Most of the customers of the bank in this dataset are in the age range of 30–40.

In [None]:
pd.crosstab(data.poutcome,data.y).plot(kind='bar')

plt.title('Purchase Frequency for Poutcome')
plt.xlabel('Poutcome')
plt.ylabel('Frequency of Purchase')
plt.show()

Poutcome seems to be a good predictor of the outcome variable.

## Model

### Create dummy variables

In [None]:
cat_vars = ['job','marital','education','default','housing','loan','contact','month','day_of_week','poutcome']

for var in cat_vars:
    cat_list = 'var'+'_'+var
    cat_list = pd.get_dummies(data[var], prefix=var)
    data1 = data.join(cat_list)
    data = data1
    
cat_vars = ['job','marital','education','default','housing','loan','contact','month','day_of_week','poutcome']
data_vars = data.columns.values.tolist()
to_keep = [i for i in data_vars if i not in cat_vars]

data_final = data[to_keep]
data_final.columns.values

In [None]:
data.head()

In [None]:
cols=["previous", "euribor3m", "job_blue-collar", "job_retired", "job_services", "job_student", "default_no", 
      "month_aug", "month_dec", "month_jul", "month_nov", "month_oct", "month_sep", "day_of_week_fri", "day_of_week_wed", 
      "poutcome_failure", "poutcome_nonexistent", "poutcome_success"] 

X = data_final[cols]
y = data_final.y.map(dict(yes=1, no=0))

### First Model

In [None]:
import statsmodels.api as sm
from scipy import stats
stats.chisqprob = lambda chisq, df: stats.chi2.sf(chisq, df)

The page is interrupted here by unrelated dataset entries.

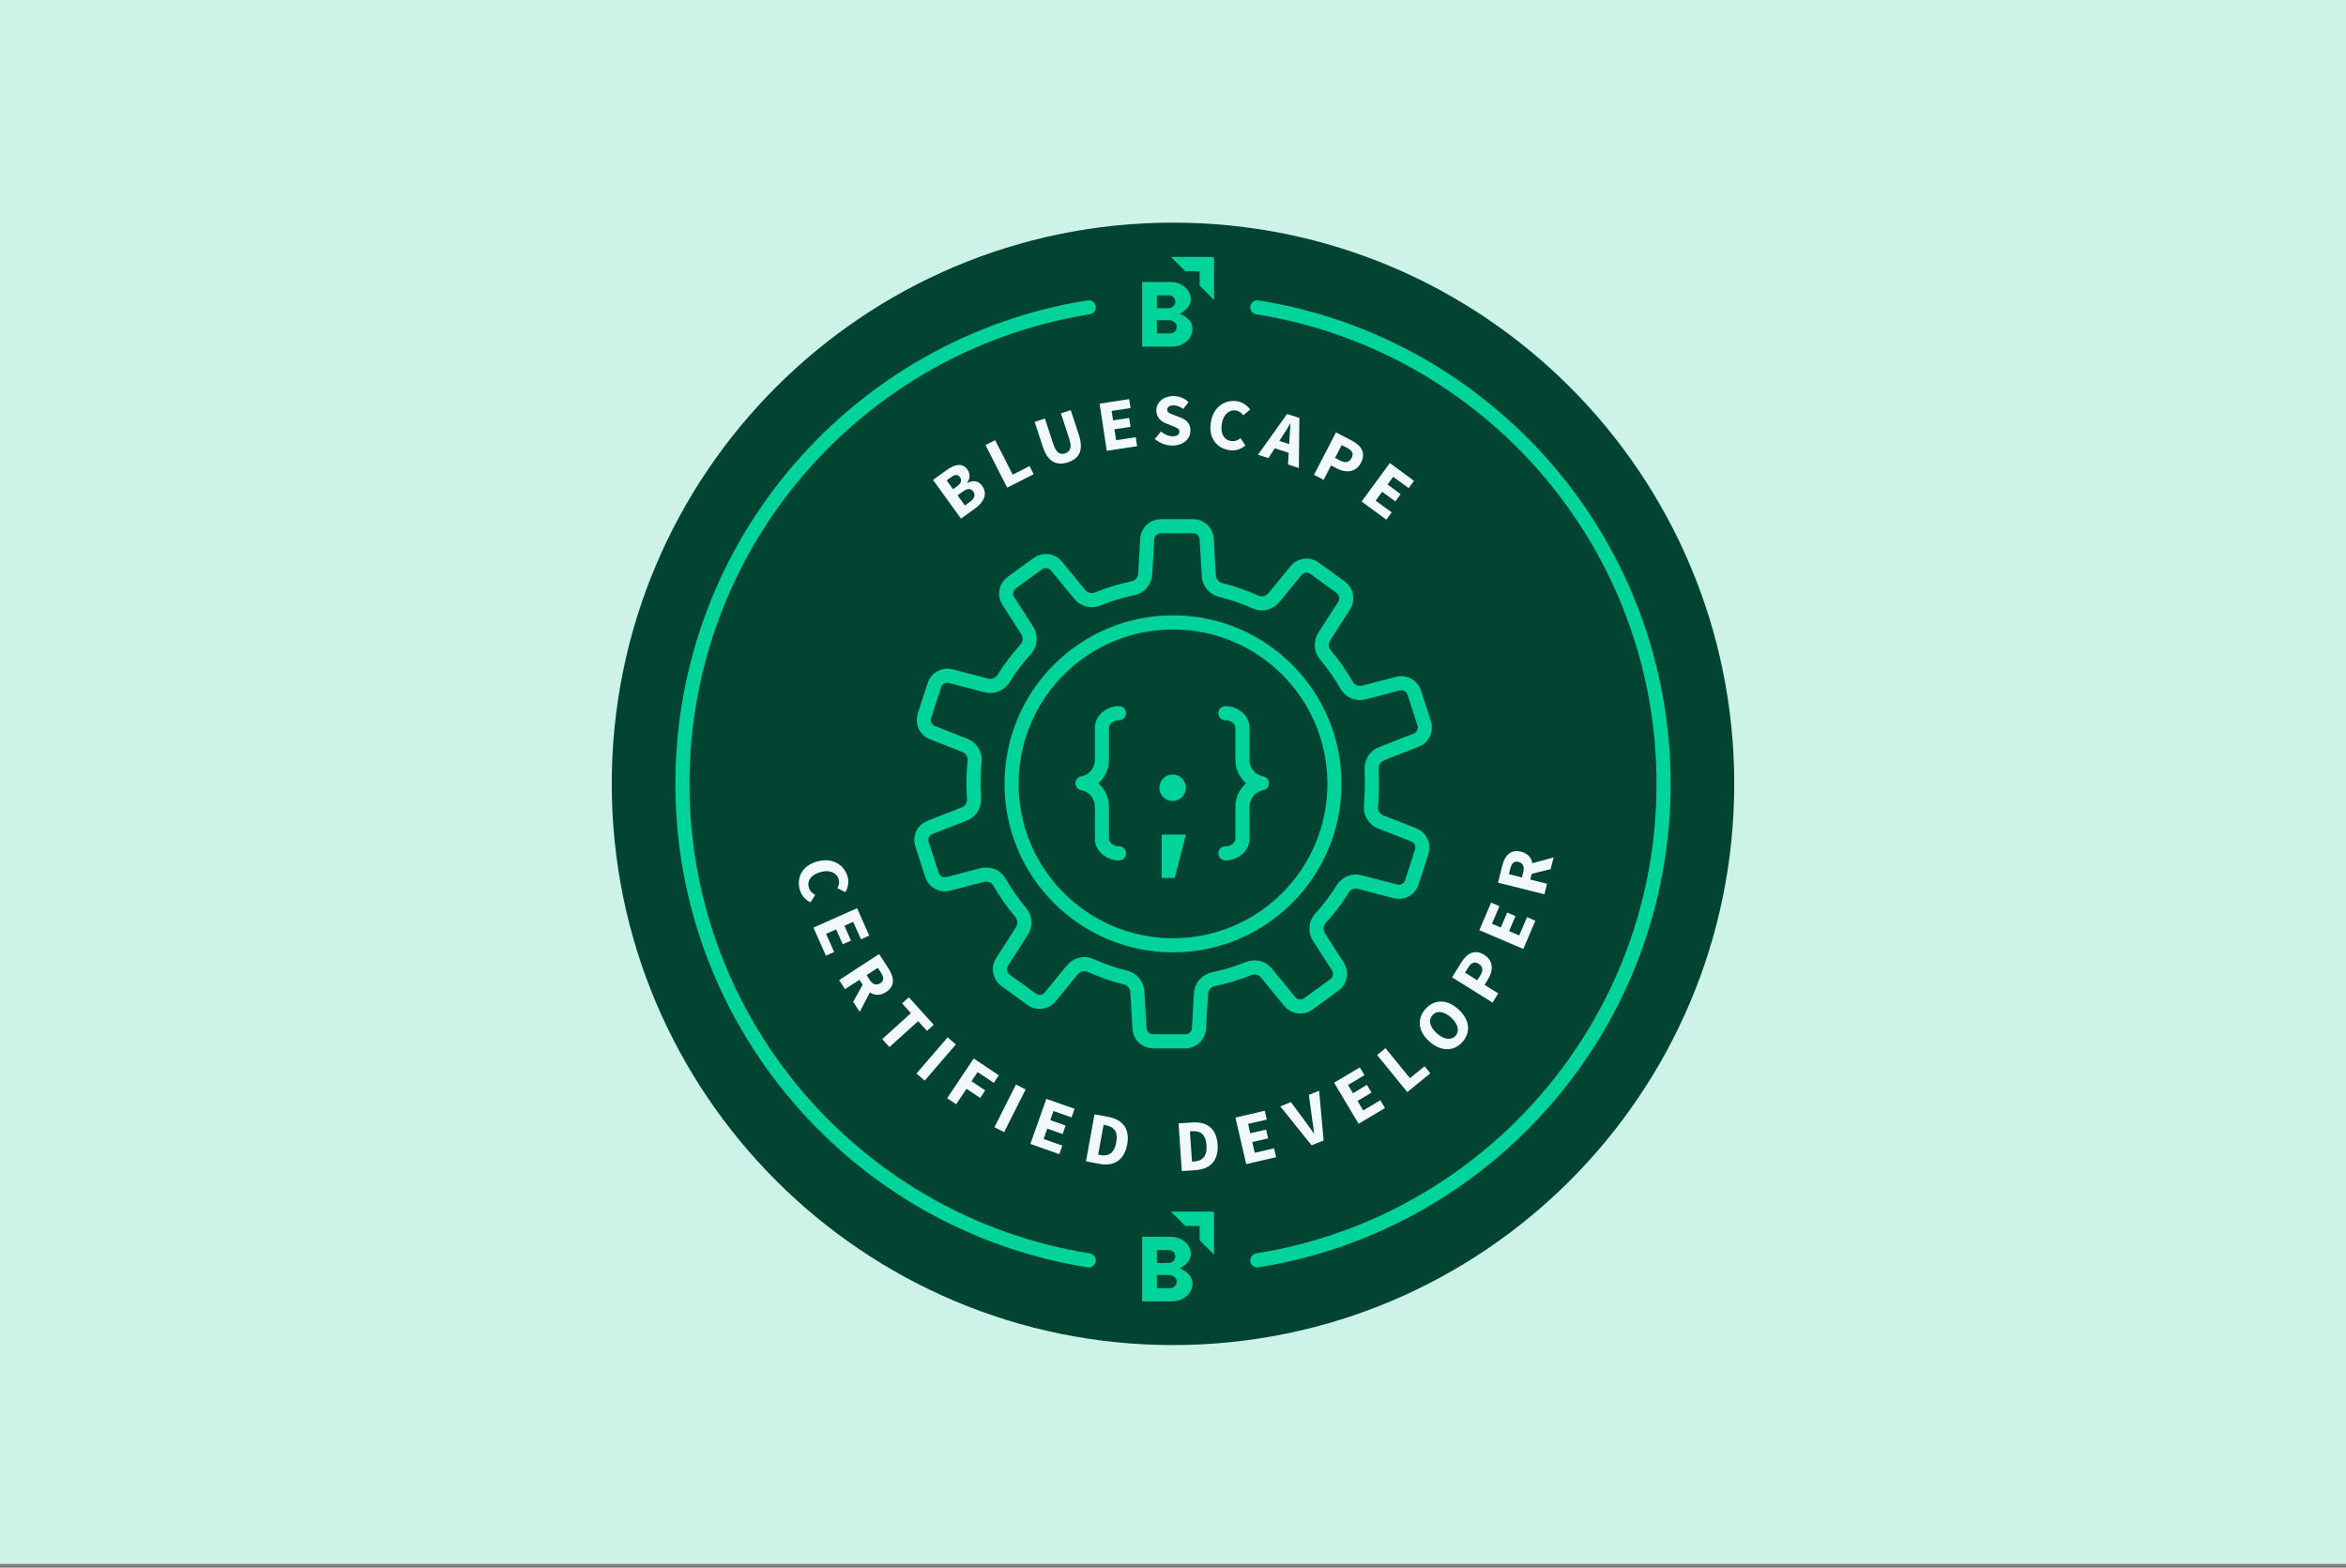 <svg width="416" height="278" viewBox="0 0 416 278" fill="none" xmlns="http://www.w3.org/2000/svg">
<rect x="0" y="0" width="416" height="278" fill="#808080" stroke="none"/>
<rect width="416" height="277.34" fill="#CDF2E8"/>
<path d="M208 238.52C262.963 238.52 307.52 193.963 307.52 139C307.52 84.037 262.963 39.48 208 39.48C153.037 39.48 108.48 84.037 108.48 139C108.48 193.963 153.037 238.52 208 238.52Z" fill="#004431"/>
<path d="M165.44 85.11L167.79 83.41C169.22 82.37 170.61 81.96 171.56 83.28C172 83.89 172.12 84.81 171.48 85.6L171.51 85.64C172.62 85.11 173.51 85.25 174.17 86.17C175.18 87.57 174.45 89.04 172.96 90.13L170.41 91.97L165.45 85.11H165.44ZM169.72 86.23C170.48 85.68 170.58 85.11 170.21 84.6C169.84 84.08 169.33 84.13 168.61 84.65L167.87 85.18L169 86.75L169.72 86.23V86.23ZM171.96 89.02C172.8 88.41 173.02 87.78 172.57 87.15C172.14 86.55 171.51 86.6 170.66 87.22L169.8 87.84L171.1 89.64L171.96 89.02Z" fill="#F2F8FF"/>
<path d="M174.75 78.92L176.46 78.05L179.58 84.17L182.56 82.65L183.29 84.09L178.6 86.48L174.75 78.93V78.92Z" fill="#F2F8FF"/>
<path d="M183.47 74.81L185.29 74.22L186.77 78.73C187.29 80.31 187.96 80.69 188.86 80.4C189.76 80.11 190.12 79.39 189.6 77.81L188.12 73.3L189.87 72.73L191.29 77.06C192.18 79.77 191.46 81.3 189.37 81.98C187.28 82.66 185.77 81.86 184.89 79.15L183.47 74.82V74.81Z" fill="#F2F8FF"/>
<path d="M194.98 71.58L200.23 70.77L200.47 72.36L197.12 72.87L197.38 74.55L200.23 74.11L200.47 75.69L197.62 76.13L197.92 78.06L201.4 77.53L201.64 79.12L196.26 79.94L194.98 71.56V71.58Z" fill="#F2F8FF"/>
<path d="M205.87 76.52C206.48 77.03 207.26 77.38 207.96 77.37C208.75 77.36 209.14 77.04 209.13 76.53C209.13 76 208.64 75.84 207.89 75.54L206.79 75.09C205.9 74.75 205.06 74.04 205.04 72.8C205.02 71.4 206.26 70.26 208.01 70.23C208.99 70.21 210.02 70.59 210.76 71.3L209.82 72.53C209.25 72.11 208.72 71.87 208.04 71.88C207.39 71.89 206.97 72.18 206.97 72.66C206.97 73.18 207.54 73.35 208.29 73.64L209.38 74.06C210.41 74.46 211.08 75.14 211.09 76.33C211.11 77.73 209.96 78.98 207.95 79.01C206.85 79.03 205.67 78.63 204.78 77.84L205.86 76.51L205.87 76.52Z" fill="#F2F8FF"/>
<path d="M219.37 71.16C220.41 71.32 221.21 71.97 221.68 72.63L220.46 73.64C220.09 73.19 219.73 72.88 219.14 72.79C217.97 72.61 216.9 73.49 216.65 75.17C216.39 76.89 217.04 78.02 218.26 78.2C218.95 78.31 219.49 78.09 219.97 77.7L220.84 79C220.02 79.7 219.03 79.99 217.99 79.83C215.82 79.5 214.27 77.75 214.7 74.93C215.12 72.15 217.21 70.82 219.37 71.15V71.16Z" fill="#F2F8FF"/>
<path d="M228.51 80.3L226.04 79.49L224.92 81.24L223.07 80.64L228.23 73.41L230.41 74.12L230.32 83L228.39 82.37L228.52 80.29L228.51 80.3ZM228.6 78.76L228.64 77.95C228.68 77.07 228.78 76.05 228.83 75.14L228.78 75.12C228.32 75.91 227.79 76.78 227.3 77.51L226.86 78.19L228.59 78.75L228.6 78.76Z" fill="#F2F8FF"/>
<path d="M236.9 76.68L239.65 78.1C241.29 78.95 242.28 80.23 241.34 82.05C240.42 83.82 238.67 83.9 237.07 83.08L236.03 82.54L234.71 85.09L233 84.2L236.9 76.67V76.68ZM237.67 81.68C238.61 82.16 239.27 81.98 239.68 81.2C240.09 80.41 239.75 79.87 238.85 79.41L237.91 78.93L236.73 81.21L237.67 81.69V81.68Z" fill="#F2F8FF"/>
<path d="M246.45 82.11L250.74 85.26L249.79 86.56L247.05 84.55L246.04 85.92L248.37 87.63L247.42 88.92L245.09 87.21L243.94 88.78L246.78 90.86L245.83 92.16L241.44 88.94L246.45 82.11V82.11Z" fill="#F2F8FF"/>
<path d="M150.32 155.5C150.59 156.52 150.32 157.51 149.91 158.21L148.49 157.5C148.75 156.98 148.89 156.53 148.73 155.95C148.42 154.81 147.19 154.18 145.54 154.63C143.86 155.08 143.09 156.14 143.41 157.33C143.59 158.01 144.01 158.41 144.56 158.69L143.72 160.01C142.75 159.55 142.09 158.75 141.81 157.74C141.24 155.62 142.21 153.49 144.96 152.75C147.67 152.02 149.74 153.39 150.31 155.5H150.32Z" fill="#F2F8FF"/>
<path d="M151.98 161.05L154.14 165.91L152.67 166.57L151.29 163.47L149.73 164.16L150.9 166.8L149.44 167.45L148.27 164.81L146.49 165.6L147.92 168.82L146.45 169.47L144.24 164.49L151.99 161.05H151.98Z" fill="#F2F8FF"/>
<path d="M151.29 177.65L152.97 174.62L152.4 173.75L149.84 175.41L148.79 173.8L155.89 169.18L157.55 171.74C158.53 173.24 158.81 174.82 157.12 175.92C156.07 176.6 155.08 176.52 154.25 175.99L152.45 179.44L151.28 177.64L151.29 177.65ZM153.67 172.92L154.2 173.74C154.74 174.58 155.4 174.8 156.1 174.35C156.8 173.9 156.74 173.28 156.19 172.44L155.66 171.62L153.67 172.92V172.92Z" fill="#F2F8FF"/>
<path d="M161.53 179.67L159.96 177.93L161.16 176.85L165.57 181.73L164.37 182.81L162.81 181.08L157.72 185.68L156.44 184.26L161.53 179.66V179.67Z" fill="#F2F8FF"/>
<path d="M168.04 183.95L169.5 185.21L163.97 191.63L162.51 190.37L168.04 183.95Z" fill="#F2F8FF"/>
<path d="M172.66 187.71L177.12 190.68L176.22 192.02L173.36 190.11L172.27 191.74L174.7 193.36L173.81 194.7L171.38 193.08L169.55 195.82L167.95 194.75L172.66 187.7V187.71Z" fill="#F2F8FF"/>
<path d="M180.15 192.32L181.87 193.19L178.06 200.76L176.34 199.89L180.15 192.32Z" fill="#F2F8FF"/>
<path d="M185.54 194.86L190.55 196.63L190.01 198.15L186.81 197.02L186.24 198.63L188.96 199.59L188.43 201.1L185.71 200.14L185.06 201.98L188.38 203.15L187.84 204.67L182.71 202.85L185.54 194.86V194.86Z" fill="#F2F8FF"/>
<path d="M194.08 197.61L196.45 198.04C198.99 198.5 200.4 200.06 199.88 202.93C199.36 205.8 197.48 206.84 195.04 206.4L192.57 205.95L194.08 197.61V197.61ZM195.09 204.83C196.5 205.09 197.58 204.57 197.94 202.57C198.3 200.57 197.45 199.79 196.05 199.53L195.69 199.46L194.73 204.75L195.09 204.81V204.83Z" fill="#F2F8FF"/>
<path d="M208.98 199.21L211.38 199.05C213.96 198.87 215.71 200.05 215.91 202.95C216.11 205.85 214.54 207.33 212.06 207.5L209.56 207.67L208.98 199.21V199.21ZM211.73 205.97C213.16 205.87 214.08 205.11 213.94 203.08C213.8 201.06 212.79 200.5 211.36 200.6L211 200.62L211.37 205.99L211.73 205.96V205.97Z" fill="#F2F8FF"/>
<path d="M219.09 198.17L224.27 196.97L224.63 198.54L221.32 199.3L221.7 200.96L224.51 200.31L224.87 201.87L222.06 202.52L222.5 204.42L225.93 203.63L226.29 205.2L220.98 206.43L219.07 198.17H219.09Z" fill="#F2F8FF"/>
<path d="M227.03 196.19L228.91 195.43L231.34 198.71C231.92 199.47 232.39 200.21 232.98 200.98L233.03 200.96C232.92 199.99 232.76 199.14 232.64 198.19L232.09 194.15L233.91 193.42L234.71 202.24L232.58 203.1L227.03 196.2V196.19Z" fill="#F2F8FF"/>
<path d="M236.56 192L241.13 189.28L241.96 190.66L239.04 192.4L239.91 193.86L242.39 192.38L243.21 193.75L240.73 195.23L241.73 196.91L244.76 195.11L245.59 196.49L240.91 199.28L236.57 192H236.56Z" fill="#F2F8FF"/>
<path d="M244.19 187.09L245.68 185.87L250.02 191.19L252.61 189.08L253.63 190.33L249.55 193.66L244.19 187.09Z" fill="#F2F8FF"/>
<path d="M253.46 184.69C251.39 182.85 251.26 180.62 252.77 178.92C254.29 177.21 256.52 177.11 258.58 178.95C260.65 180.79 260.85 183.07 259.33 184.77C257.82 186.47 255.53 186.53 253.46 184.69V184.69ZM257.28 180.41C256.02 179.29 254.78 179.15 254.01 180.02C253.25 180.87 253.51 182.1 254.77 183.23C256.04 184.36 257.34 184.53 258.1 183.67C258.87 182.81 258.55 181.55 257.28 180.41V180.41Z" fill="#F2F8FF"/>
<path d="M257.47 173.32L259.11 170.69C260.09 169.12 261.44 168.23 263.18 169.32C264.87 170.37 264.81 172.13 263.86 173.65L263.24 174.64L265.68 176.16L264.66 177.79L257.47 173.3V173.32ZM262.51 172.95C263.07 172.06 262.94 171.38 262.19 170.91C261.44 170.44 260.87 170.73 260.34 171.59L259.78 172.48L261.95 173.84L262.51 172.95V172.95Z" fill="#F2F8FF"/>
<path d="M262.32 164.95L264.41 160.06L265.89 160.69L264.56 163.81L266.13 164.48L267.26 161.82L268.73 162.45L267.6 165.11L269.39 165.88L270.78 162.64L272.26 163.27L270.12 168.28L262.32 164.95V164.95Z" fill="#F2F8FF"/>
<path d="M274.96 154.12L271.6 154.96L271.35 155.97L274.32 156.71L273.86 158.58L265.63 156.53L266.37 153.57C266.8 151.83 267.77 150.54 269.72 151.03C270.93 151.33 271.55 152.12 271.73 153.08L275.49 152.04L274.97 154.12H274.96ZM269.87 155.6L270.11 154.65C270.35 153.68 270.07 153.04 269.26 152.84C268.45 152.64 268.04 153.1 267.8 154.07L267.56 155.02L269.87 155.6Z" fill="#F2F8FF"/>
<path fill-rule="evenodd" clip-rule="evenodd" d="M207.63 214.85L210.18 217.4H212.73V219.95L215.28 222.5V215.21C215.28 215.02 215.12 214.86 214.93 214.86H207.64L207.63 214.85Z" fill="#00D49C"/>
<path fill-rule="evenodd" clip-rule="evenodd" d="M207.46 228.43H205.15V226.09H207.29C207.94 226.09 208.67 226.58 208.67 227.24C208.67 227.9 208.12 228.44 207.46 228.44V228.43ZM205.15 221.67H207.24C207.88 221.67 208.41 222.13 208.41 222.78C208.41 223.43 207.87 223.96 207.24 223.96H205.15V221.67V221.67ZM209.2 224.95C209.99 224.54 211.15 223.62 211.15 222.36C211.15 220.64 209.52 219.31 207.54 219.31H202.53V230.77H207.79C209.79 230.77 211.45 229.44 211.45 227.61C211.45 226.1 210.09 225.3 209.2 224.94V224.95Z" fill="#00D49C"/>
<path fill-rule="evenodd" clip-rule="evenodd" d="M207.63 45.55L210.18 48.1H212.73V50.65L215.28 53.2V45.91C215.28 45.72 215.12 45.56 214.93 45.56H207.64L207.63 45.55Z" fill="#00D49C"/>
<path fill-rule="evenodd" clip-rule="evenodd" d="M207.46 59.13H205.15V56.79H207.29C207.94 56.79 208.67 57.28 208.67 57.94C208.67 58.6 208.12 59.14 207.46 59.14V59.13ZM205.15 52.37H207.24C207.88 52.37 208.41 52.83 208.41 53.48C208.41 54.13 207.87 54.66 207.24 54.66H205.15V52.37ZM209.2 55.65C209.99 55.24 211.15 54.32 211.15 53.06C211.15 51.34 209.52 50.01 207.54 50.01H202.53V61.47H207.79C209.79 61.47 211.45 60.14 211.45 58.31C211.45 56.8 210.09 56 209.2 55.64V55.65Z" fill="#00D49C"/>
<path d="M193.05 54.5C152.22 60.98 121.01 96.34 121.01 139C121.01 181.66 152.22 217.02 193.05 223.5" stroke="#00D49C" stroke-width="2.5" stroke-linecap="round" stroke-linejoin="round"/>
<path d="M222.95 54.5C263.78 60.98 294.99 96.35 294.99 139C294.99 181.65 263.78 217.02 222.95 223.5" stroke="#00D49C" stroke-width="2.5" stroke-linecap="round" stroke-linejoin="round"/>
<path d="M208 167.63C223.812 167.63 236.63 154.812 236.63 139C236.63 123.188 223.812 110.37 208 110.37C192.188 110.37 179.37 123.188 179.37 139C179.37 154.812 192.188 167.63 208 167.63Z" stroke="#00D49C" stroke-width="2.5" stroke-linecap="round" stroke-linejoin="round"/>
<path d="M244.97 133.66L251.13 131.25C252.32 130.79 252.93 129.48 252.54 128.27L250.77 122.81C250.38 121.6 249.11 120.9 247.88 121.23L241.86 122.8C240.65 123.12 239.39 122.59 238.77 121.5C237.69 119.6 236.43 117.81 235.03 116.15C234.25 115.23 234.17 113.9 234.82 112.89L238.35 107.38C239.04 106.31 238.77 104.89 237.74 104.14L233.09 100.76C232.06 100.01 230.62 100.2 229.82 101.18L225.88 105.99C225.09 106.96 223.75 107.27 222.61 106.75C220.64 105.86 218.58 105.14 216.44 104.62C215.27 104.33 214.42 103.31 214.35 102.1L213.97 95.57C213.9 94.3 212.84 93.31 211.57 93.31H205.83C204.56 93.31 203.5 94.3 203.43 95.57L203.07 101.78C203 103.03 202.1 104.07 200.88 104.32C198.72 104.76 196.63 105.4 194.63 106.22C193.51 106.68 192.23 106.35 191.46 105.41L187.32 100.36C186.51 99.38 185.08 99.19 184.05 99.94L179.4 103.32C178.37 104.07 178.1 105.49 178.79 106.56L182.15 111.8C182.82 112.85 182.71 114.22 181.87 115.15C180.4 116.76 179.08 118.5 177.93 120.35C177.29 121.37 176.06 121.86 174.9 121.55L168.58 119.9C167.35 119.58 166.08 120.27 165.69 121.48L163.92 126.94C163.53 128.15 164.15 129.46 165.33 129.92L171.08 132.17C172.25 132.63 172.96 133.81 172.82 135.07C172.59 137.09 172.56 139.47 172.72 141.58C172.81 142.79 172.11 143.91 170.98 144.35L164.9 146.72C163.71 147.18 163.1 148.49 163.49 149.7L165.26 155.16C165.65 156.37 166.92 157.07 168.15 156.74L174.17 155.17C175.38 154.85 176.64 155.38 177.26 156.47C178.34 158.37 179.6 160.16 181 161.82C181.78 162.74 181.86 164.07 181.21 165.08L177.68 170.59C176.99 171.66 177.26 173.08 178.29 173.83L182.94 177.21C183.97 177.96 185.41 177.77 186.21 176.79L190.15 171.98C190.94 171.01 192.28 170.7 193.42 171.22C195.39 172.11 197.45 172.83 199.59 173.35C200.76 173.64 201.61 174.66 201.68 175.87L202.06 182.4C202.13 183.67 203.19 184.66 204.46 184.66H210.2C211.47 184.66 212.53 183.67 212.6 182.4L212.96 176.19C213.03 174.94 213.93 173.9 215.15 173.65C217.31 173.21 219.4 172.57 221.4 171.75C222.52 171.29 223.8 171.62 224.57 172.56L228.71 177.61C229.52 178.59 230.95 178.78 231.98 178.03L236.63 174.65C237.66 173.9 237.93 172.48 237.24 171.41L233.88 166.17C233.21 165.12 233.32 163.75 234.16 162.82C235.63 161.21 236.95 159.47 238.1 157.62C238.74 156.6 239.97 156.11 241.13 156.42L247.45 158.07C248.68 158.39 249.95 157.7 250.34 156.49L252.11 151.03C252.5 149.82 251.88 148.51 250.7 148.05L244.85 145.77C243.71 145.32 243 144.19 243.1 142.97C243.28 140.87 243.31 138.41 243.22 136.38C243.17 135.19 243.86 134.1 244.97 133.66V133.66Z" stroke="#00D49C" stroke-width="2.5" stroke-linecap="round" stroke-linejoin="round"/>
<path d="M198.42 151.33C196.82 151.33 195.4 150.18 195.4 148.76V143.11C195.4 140.87 193.78 139.21 191.95 138.9C193.78 138.59 195.4 136.94 195.4 134.69V129.04C195.4 127.62 196.82 126.47 198.42 126.47" stroke="#00D49C" stroke-width="2.5" stroke-linecap="round" stroke-linejoin="round"/>
<path d="M217.29 151.33C218.89 151.33 220.31 150.18 220.31 148.76V143.11C220.31 140.87 221.93 139.21 223.76 138.9C221.93 138.59 220.31 136.94 220.31 134.69V129.04C220.31 127.62 218.89 126.47 217.29 126.47" stroke="#00D49C" stroke-width="2.5" stroke-linecap="round" stroke-linejoin="round"/>
<path d="M207.93 142.04C209.228 142.04 210.28 140.988 210.28 139.69C210.28 138.392 209.228 137.34 207.93 137.34C206.632 137.34 205.58 138.392 205.58 139.69C205.58 140.988 206.632 142.04 207.93 142.04Z" fill="#00D49C"/>
<path d="M208.32 155.68H206V148H210.28L208.32 155.68Z" fill="#00D49C"/>
</svg>

logit_model = sm.Logit(y, X)

result = logit_model.fit()

print(result.summary())

In [None]:
result.params
result.conf_int()

In [None]:
result.params

The p-values for most of the variables are smaller than 0.05, therefore, most of them are significant to the model.

In [None]:
X_train, X_test, y_train, y_test = train_test_split(X, y, test_size=0.3, random_state=0)
from sklearn.linear_model import LogisticRegression
from sklearn import metrics
logreg = LogisticRegression()
logreg.fit(X_train, y_train)

In [None]:
y_pred = logreg.predict(X_test)

In [None]:
print('Accuracy of logistic regression classifier on test set: {:.2f}'.format(logreg.score(X_test, y_test)))

In [None]:
from sklearn import model_selection
from sklearn.model_selection import cross_val_score
kfold = model_selection.KFold(n_splits=10, random_state=7)
modelCV = LogisticRegression()
scoring = 'accuracy'
results = model_selection.cross_val_score(modelCV, X_train, y_train, cv=kfold, scoring=scoring)
print("10-fold cross validation average accuracy: %.3f" % (results.mean()))

In [None]:
from sklearn.metrics import confusion_matrix
confusion_matrix = confusion_matrix(y_test, y_pred)
print(confusion_matrix)

The result is telling us that we have 10872+254 correct predictions and 1122+109 incorrect predictions.

In [None]:
print('Accuracy of logistic regression classifier on test set: {:.2f}'.format(logreg.score(X_test, y_test)))

In [None]:
from sklearn.metrics import classification_report
print(classification_report(y_test, y_pred))

Of the entire test set, 88% of the promoted term deposit were the term deposit that the customers liked. Of the entire test set, 90% of the customer's preferred term deposit were promoted.